For Frank Chen CPEng, engineering in the public sector has helped him make a meaningful difference to the lives of the people around him.

Frank Chen CPEng, Project Manager at New Bridgewater Bridge Project, has been around engineering his entire life — he’s even the son of two engineers. So perhaps it was no surprise that he would end up heading up a city council’s infrastructure department by the age of 31. “That was a really young age,” he told create. “You deal with a lot of people with years’ of experience ahead of you.”

When it came to making sure that the people around him knew he was capable of handling the job, it helped that he was a Chartered engineer. “Pursuing Chartered status probably gave me the confidence to be recognised as a competent engineer in this professional field. — that I know I’m at least equivalent to those people I’m dealing with day-to-day, both internally and externally,” Chen says.

“You have other engineers within the organisation, and externally we deal with consultants that work for council. And also we deal with consultants working for developers,and sometimes they could be quite pushy.”

Today, Chen is overseeing even bigger projects.
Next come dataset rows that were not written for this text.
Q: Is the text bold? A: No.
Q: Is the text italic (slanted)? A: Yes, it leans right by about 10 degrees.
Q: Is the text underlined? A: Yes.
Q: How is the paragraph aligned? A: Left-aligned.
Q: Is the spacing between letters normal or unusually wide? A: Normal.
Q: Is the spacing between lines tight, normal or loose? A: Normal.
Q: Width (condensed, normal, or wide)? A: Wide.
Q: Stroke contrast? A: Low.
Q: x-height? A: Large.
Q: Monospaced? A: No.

He is now the Project Manager in charge of delivering the new Bridgewater Bridge, the largest transport project in Tasmania’s history.

“My role is more focused on managing the contract and administration, and also the engineering side,” he explains. “I will not be the technical expert in this instance … I have a general understanding of what the design constructions are, but I also rely on the technical expert or the subject expert to inform us when there’s a decision that needs to be made.”

“You see every day what you do actually affects the life of individuals of the community … There's projects I’ve had before — drainage projects, road projects — that have changed people's day-to-day life.”
Frank Chen CPEng

But be it a state-level project or work for local government, he values the chance to contribute to the community around him. “I’m proud of what I’m doing, and that’s the way the job I do day-to-day make people’s lives different,” he says. “At the state level, its more working on highway jobs, for which you get a wider group … and a wider social, economic and environment benefit.” 

It means he’s operating on a larger scale than in previous roles, but the satisfaction of having a meaningful impact to people’s lives is the same.

“That’s probably one of the benefits in working local government, or working in the public sector,” he says. “You see every day what you do actually affects the life of individuals of the community, and I feel I’m making a difference for the community. So there’s projects I’ve had before — drainage projects, road projects — that have changed people’s day-to-day life.”